Work task »
Output all the entries word for word. Omit the pictures.

Exercise data »
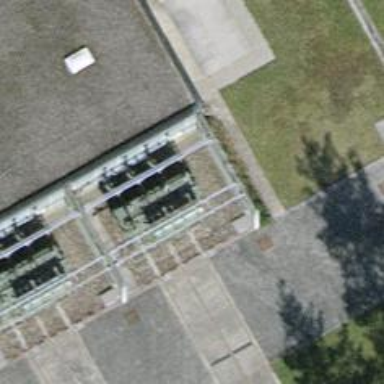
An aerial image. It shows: Outdoor distribution transformer.
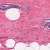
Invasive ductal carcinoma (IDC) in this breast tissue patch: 0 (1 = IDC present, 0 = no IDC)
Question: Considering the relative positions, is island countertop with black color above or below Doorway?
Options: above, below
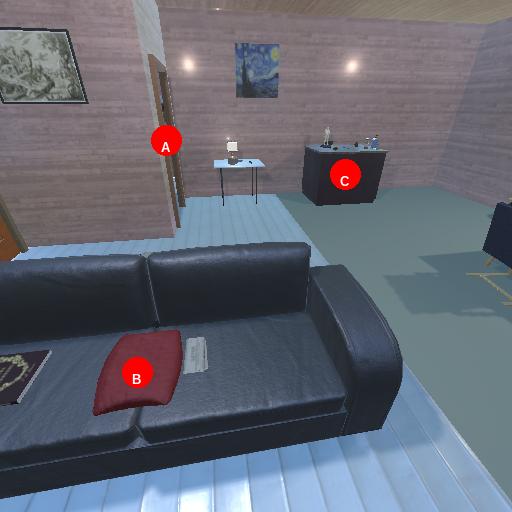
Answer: above
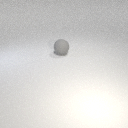
large gray rubber sphere
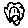
Label: flower
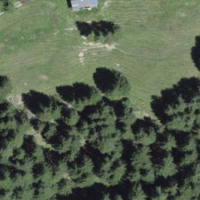
EUNIS habitat code: 23
Species observed at this site:
Plantago media
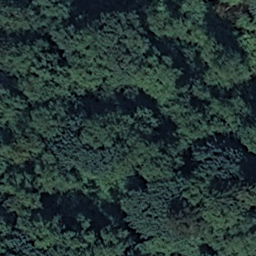
Label: forest
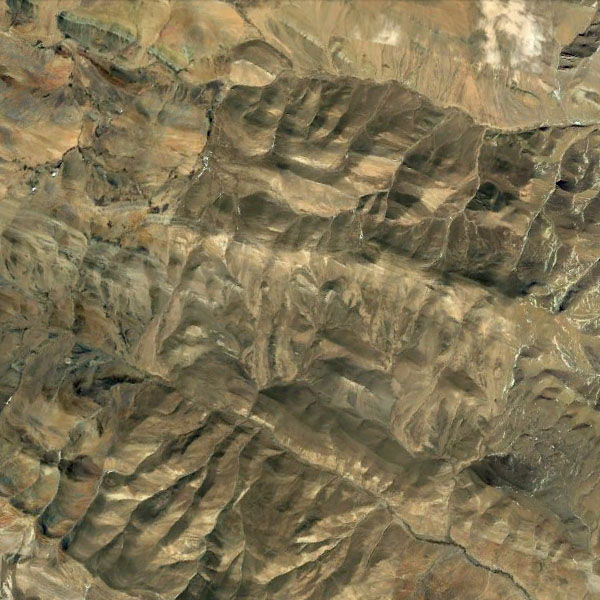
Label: Mountain
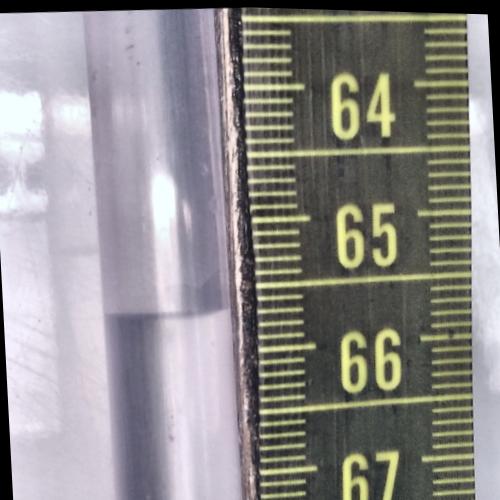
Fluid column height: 65.7 cm
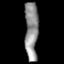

Reply »
An aerial image. It shows: Outdoor distribution transformer.
Invasive ductal carcinoma (IDC) in this breast tissue patch: 0 (1 = IDC present, 0 = no IDC)
Question: Considering the relative positions, is island countertop with black color above or below Doorway?
Options: above, below
Answer: above
large gray rubber sphere
Label: flower
EUNIS habitat code: 23
Species observed at this site:
Plantago media
Label: forest
Label: Mountain
Fluid column height: 65.7 cm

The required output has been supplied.